After the deaths of their two children, Qureini said he and his wife began visiting the Central American Muslim Cemetery in southeast Kansas City five days a week to pray and mourn. The Islamic Society of Greater Kansas City maintains the cemetery.

Qureini, 62, said the cemetery’s limited opening hours create obstacles for families looking for a space to heal.

“The thing is, they close that door on weekdays and they lock it around 5 a.m.,” he said. “Some people have jobs that end at 5 a.m., so they lose the ability to visit.”

He said management began locking the gates to the cemetery after discovering lawn care equipment was missing inside the utility shed. But Qureini told FOX4 the thieves have returned multiple times, so padlocking the doors hasn’t solved the problem.

“What’s happening here is this gate and this fence are preventing good people from visiting,” Qureini said. “Thieves, they always come and steal.”

The director told FOX4 Problem Solvers that the cemetery maintains hundreds of graves and the majority of people don’t care about the cemetery’s schedule because even though the gate is locked, there is a door that visitors can use. to enter.

But the door is also closed and blocked by the cemetery sign, which means that anyone who is disabled or too tall to pass the sign does not have access.

“Some people are older than me, some people have disability issues and they don’t (visit) because the door is closed,” Qureini said.

Qureini said the visitation schedule was only half the problem. He said visitors are encouraged to park illegally on the street, forced to walk a quarter mile uphill to the burial grounds and put themselves in dangerous driving situations when exiting the cemetery.

“If you park there, it’s steep up the hill,” he said. “You’re blocking the pedestrian lane, so if someone walks in that direction, they actually have to drive around the car, putting someone’s life at risk.”

He said backing out of the cemetery is dangerous because the exit leads to a four-lane road with a 40mph speed limit.

“The speed limit there is 40 and, you know, everybody drives 43 or 44,” he said. “It’s quite dangerous.”

Qureini said one employee even admitted to having an accident at the entrance to the cemetery, specifically when trying to back up on a busy road.

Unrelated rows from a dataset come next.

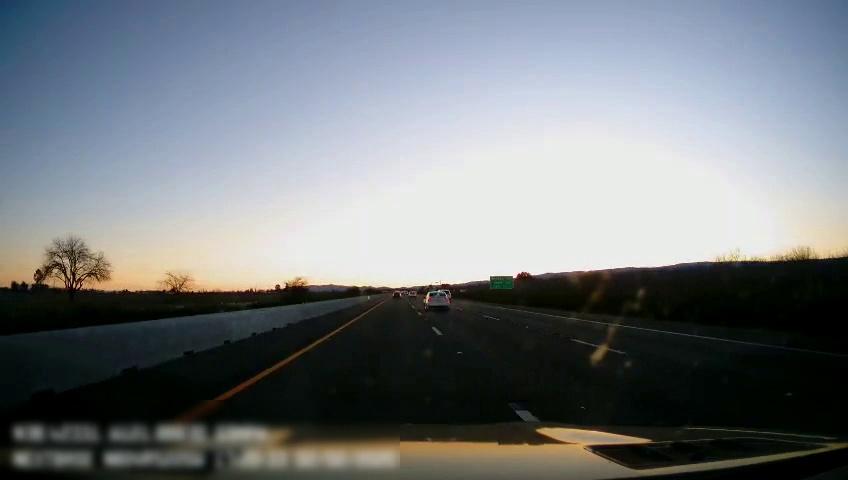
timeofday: Day
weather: Sunny
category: Drivable Space
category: Vehicles | Car
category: Vehicles | SUV
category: Lanes | Current Lane
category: Lanes | Current Lane
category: Lanes | Alternate Lane
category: Lanes | Alternate Lane
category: Traffic | Signs
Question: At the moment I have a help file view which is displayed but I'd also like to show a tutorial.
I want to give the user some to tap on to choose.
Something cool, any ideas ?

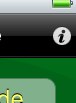
Answer: You could create your own popover style translucent view with two buttons in it...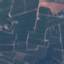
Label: PermanentCrop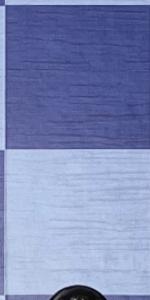
Label: Empty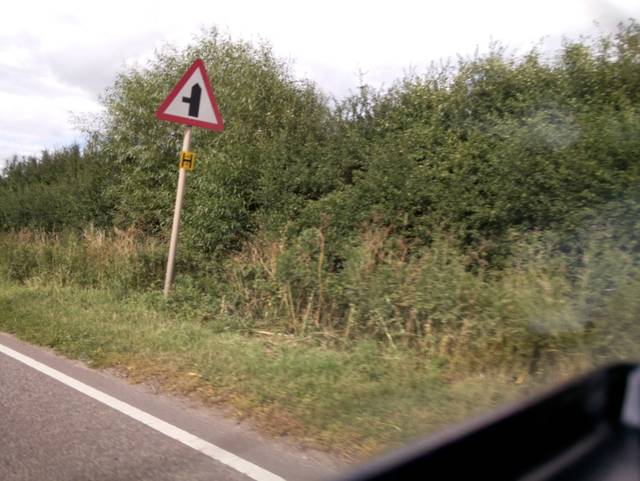
Region: United Kingdom
Coordinates: 52.565, -1.482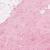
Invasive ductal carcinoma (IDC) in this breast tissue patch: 0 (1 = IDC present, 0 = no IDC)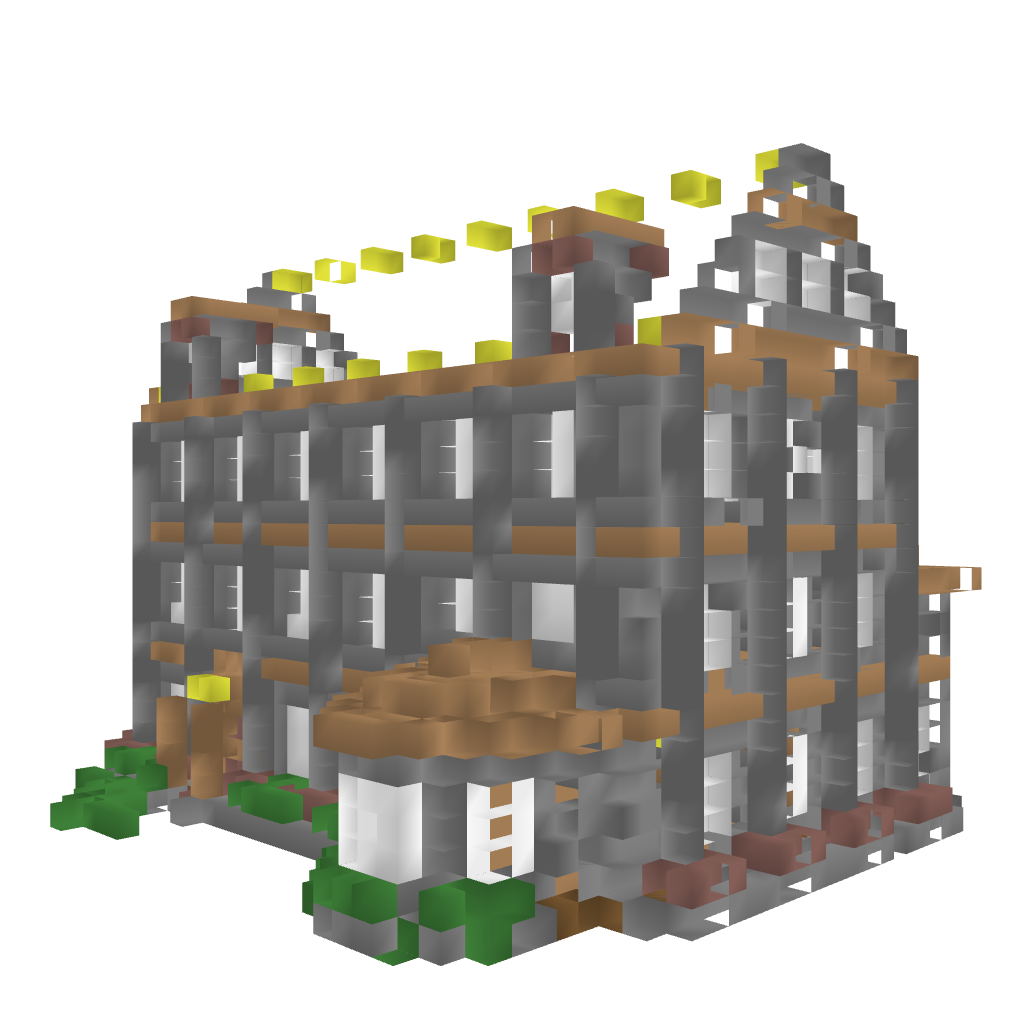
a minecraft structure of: Halloween Mansion 1.7.x (house only) good quality

FOX4 spoke with other families who said they have family members who use wheelchairs, which prevents them from entering the cemetery. A woman told Problem Solvers that her father was unable to visit his brother and wife in the last years of his life and died before he could properly grieve.

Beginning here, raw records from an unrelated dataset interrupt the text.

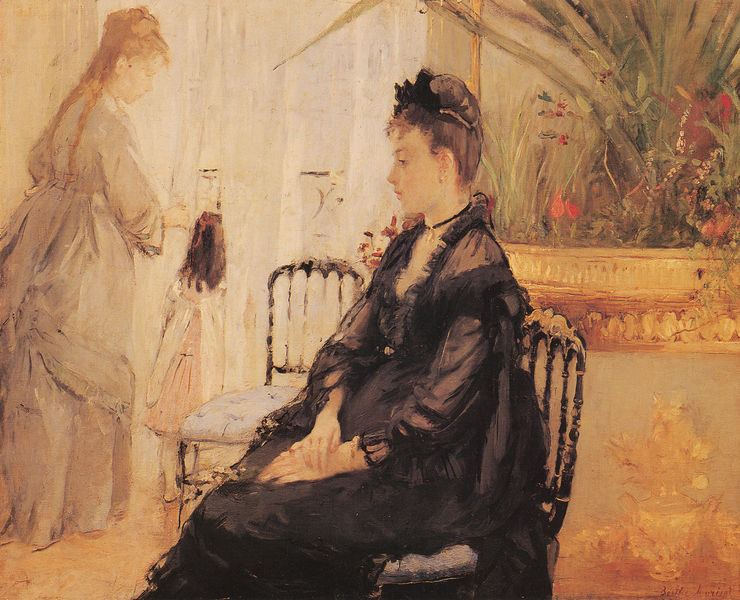
Titel: Interieur
Künstler: Berthe Morisot
Institution: Privatsammlung
Schlagwörter: blau, dunkel, gemälde, schatten, weiß, aquarell, frauen, gelb, grün, impressionismus, mädchen, ocker, sitzen, ausschnitt, blume, blumen, braun, degas, fenster, frau, frisur, grau, haar, hell, hut, kleid, kleider, licht, ohrring, orange, paris, profil, raum, renoir, schmuck, schwarz, stuhl, stühle, tür, zimmer, blick, dame, gras, haus, rot, schleier, beige, expressionismus, haube, ornament, schleife, arme, barock, dienerin, falten, kleidung, rahmen, spitze, stehen, tod, tot, trauer, ärmel, bild, bildnis, goldrahmen, holzstuhl, hände, innenraum, portrait, porträt, vorhang, öl, gräser, gitter, sonne, boden, gold, haare, interieur, sessel, sitzend, stehend, stoff, stoffe, innen, kind, nachthemd, spitzen, pflanze, pflanzen, locken, rokoko, rosa, traurig, vornehm, kinder, vase, balkon, schürze, dutt, bilderrahmen, lehne, zwei, tüll, zöpfe, kette, leer, klein, haarband, ölgemälde, kissen, gardine, polster, vorhänge, witwe, zopf, monet, ornamente, sitzt, stuhllehne, manet, geländer, menzel, palme, hochsteckfrisur, junge frau, couch, rüsche, rüschen, schoß, gemach, schwanger, satin, tusche, nature morte, amme, draußen, steht, noir, elend, durchsichtig, chaise, balkontür, femme, interieru, fenetre, fleurs, mort, peinture, streben, wittwe, robe, avantgarde, enfant, fille, boudoir, esquisse, trauerkleidung, nachtkleid, cassatt, kindermädchen, bouquet, impressioniste, ankleidung, fillette, stuh, impressionnisme, tableau, coiffure, art, famille, balkonfenster, berthe morisot, gitterstuhl, menzl, mezel, morisot, sitzt sitzen, trauergewand, trauerkleid, nourrice, eitempera, servante, deuil, schwarze dame, mary cassatt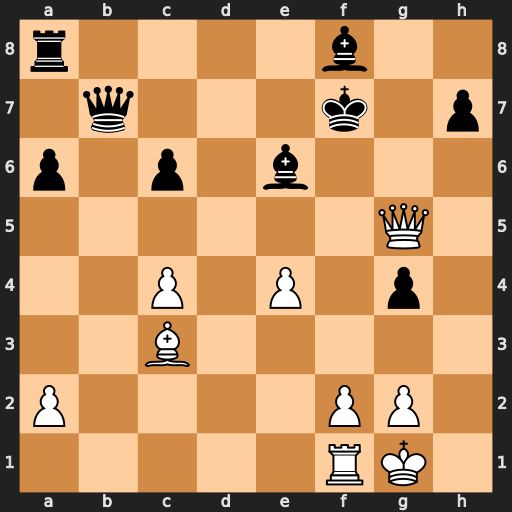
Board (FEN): r4b2/1q3k1p/p1p1b3/6Q1/2P1P1p1/2B5/P4PP1/5RK1
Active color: w
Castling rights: -
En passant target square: -
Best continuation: Qf6+ Ke8 Qxe6+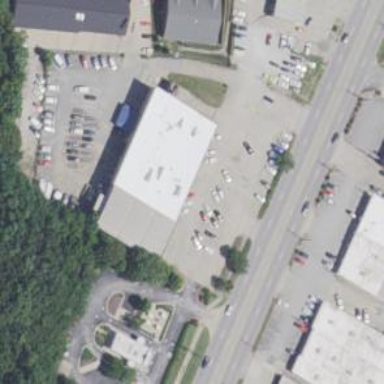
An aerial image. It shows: Commercial building.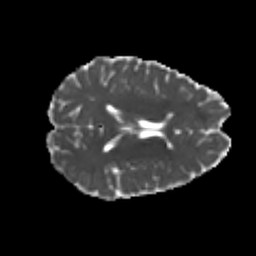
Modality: MD
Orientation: axial
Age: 20
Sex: female
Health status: healthy
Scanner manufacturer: philips
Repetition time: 7.388 s
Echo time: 0.08599 s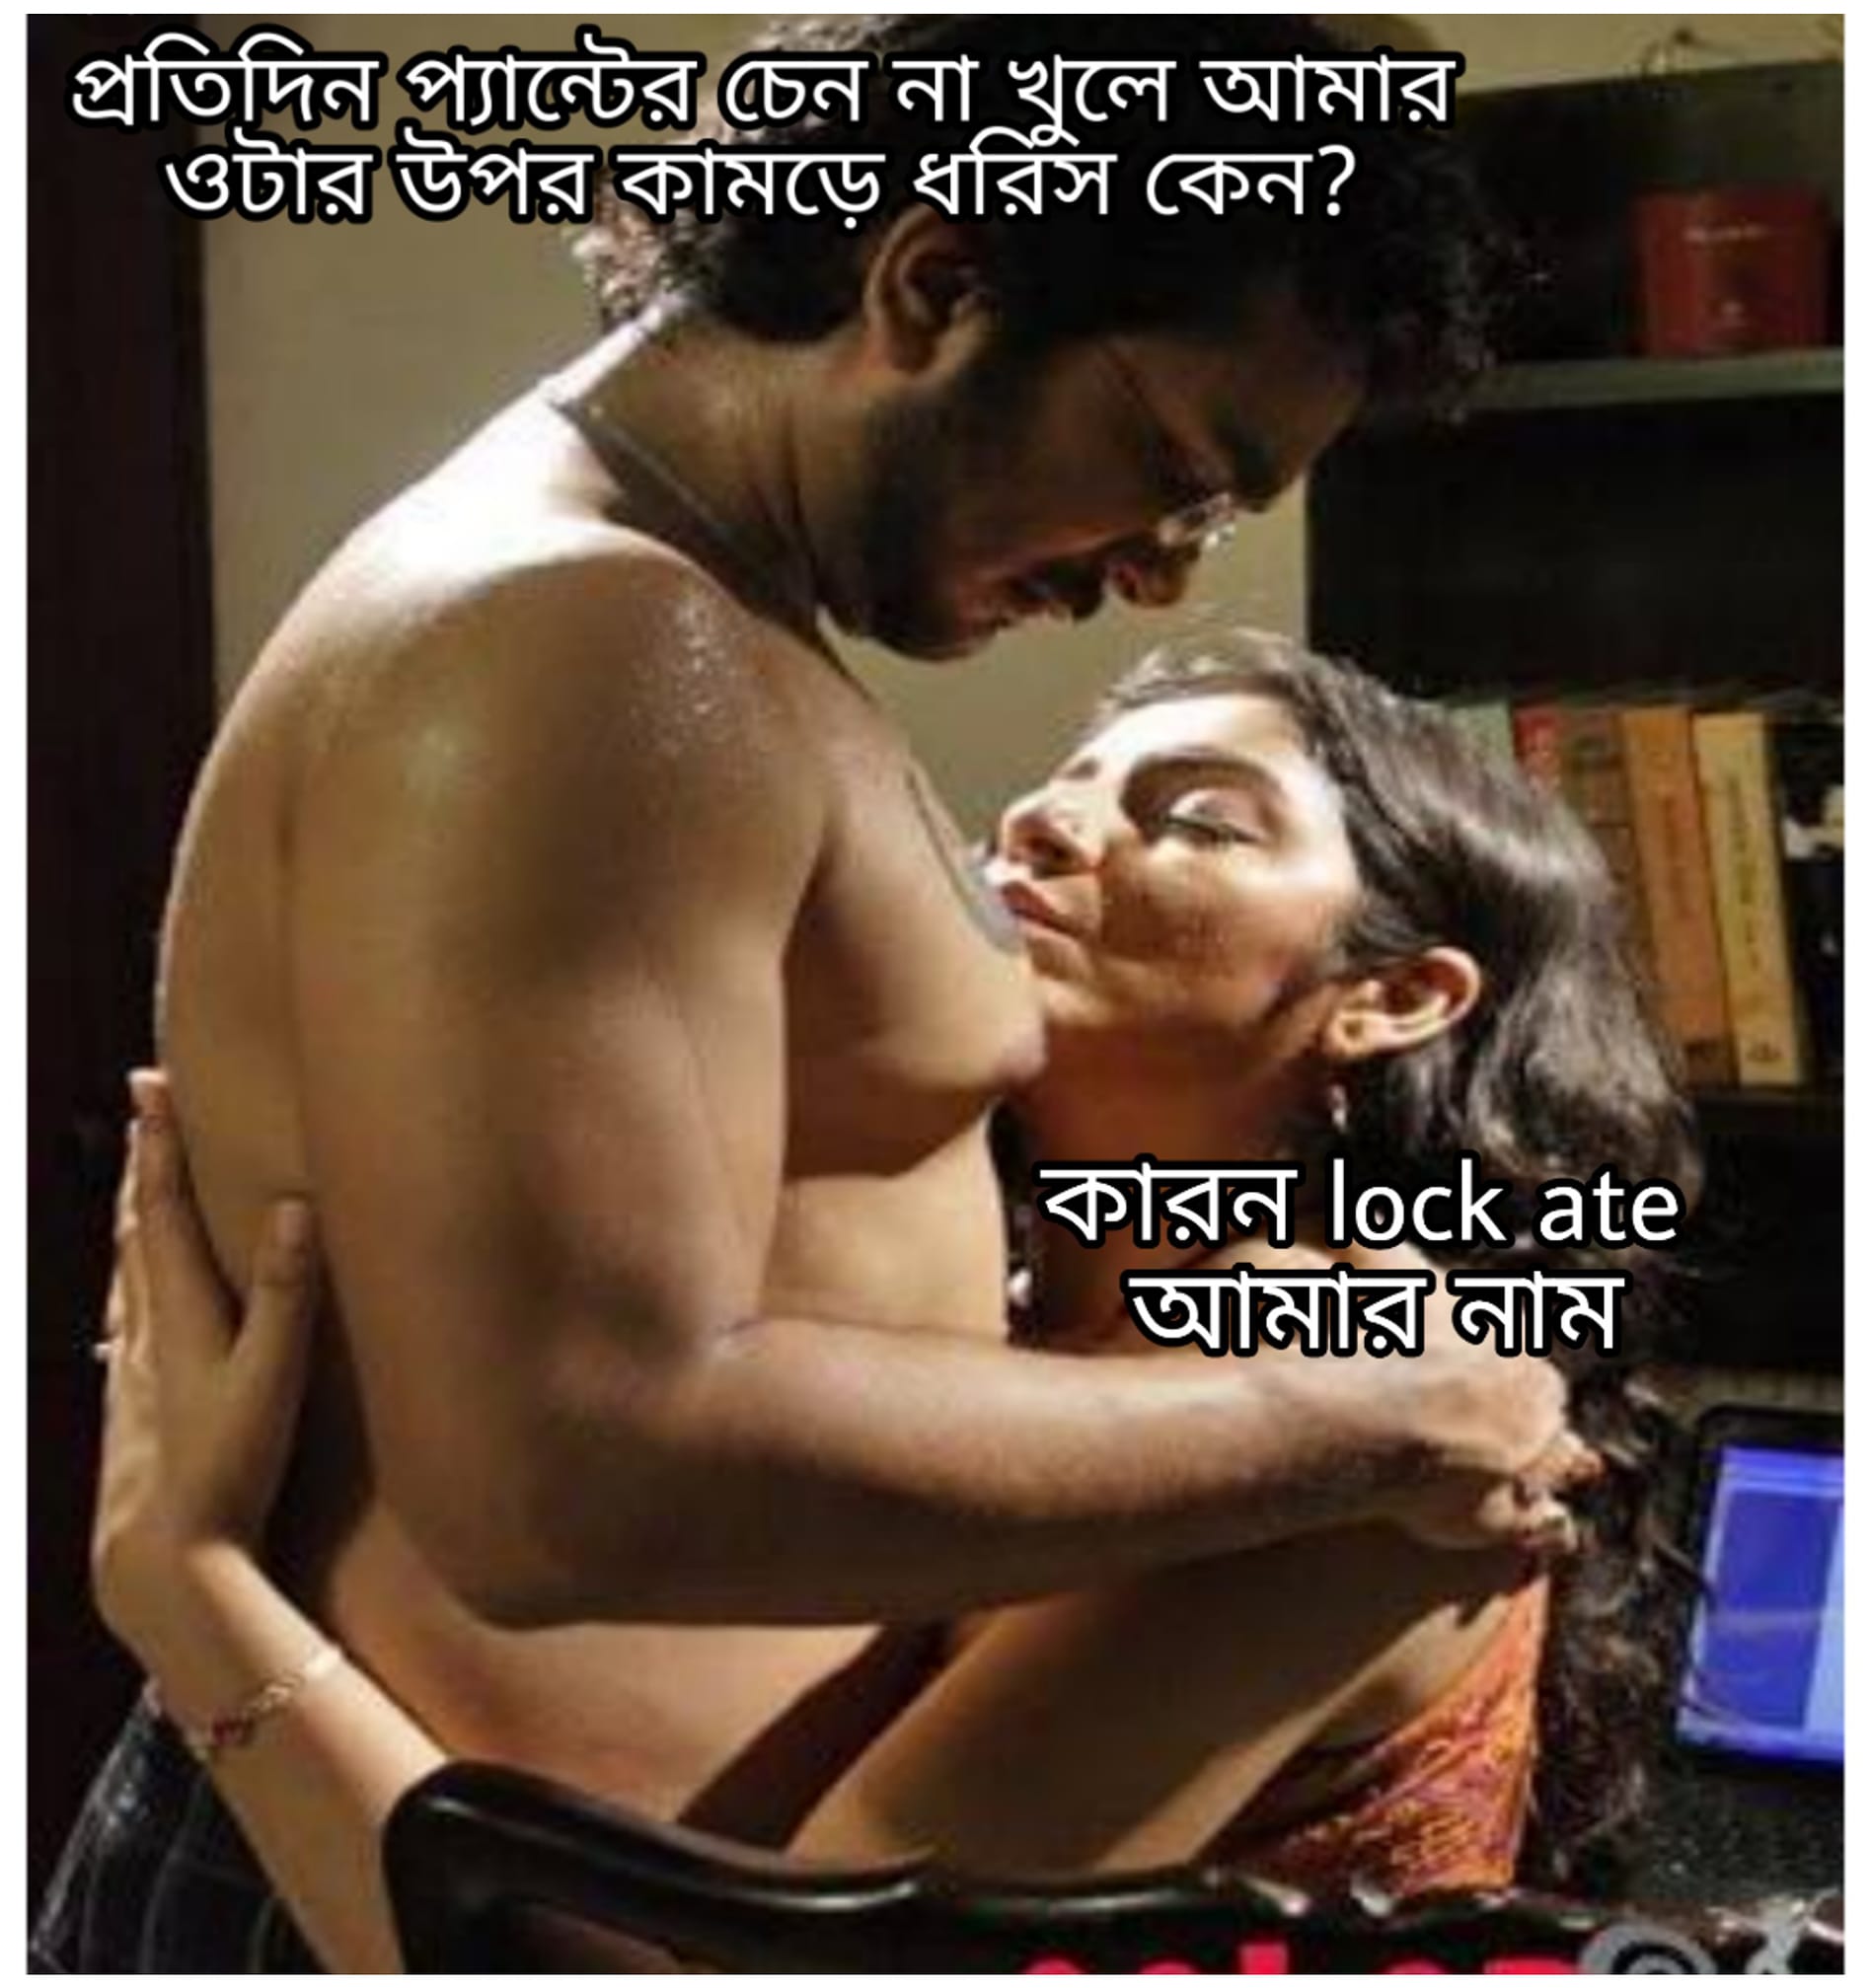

“My wife is pregnant,” Qureini said. “Let’s put it this way, she can’t walk, pulling a kid a quarter mile one way and a quarter mile back.”

“I mean, come on, it doesn’t take a genius to see that’s wrong.”

Management said a master plan was underway to improve the cemetery, but it could take two years.

In the meantime, Qureini said he continues to offer management suggestions to which he receives “no response”, such as a coded padlock whose code only grieving families know, or even GPS trackers to place on equipment. target.

“An expensive piece of equipment is worth putting a tiny little device in there, because if the thief comes and steals, he’ll come back again and again and again,” he said.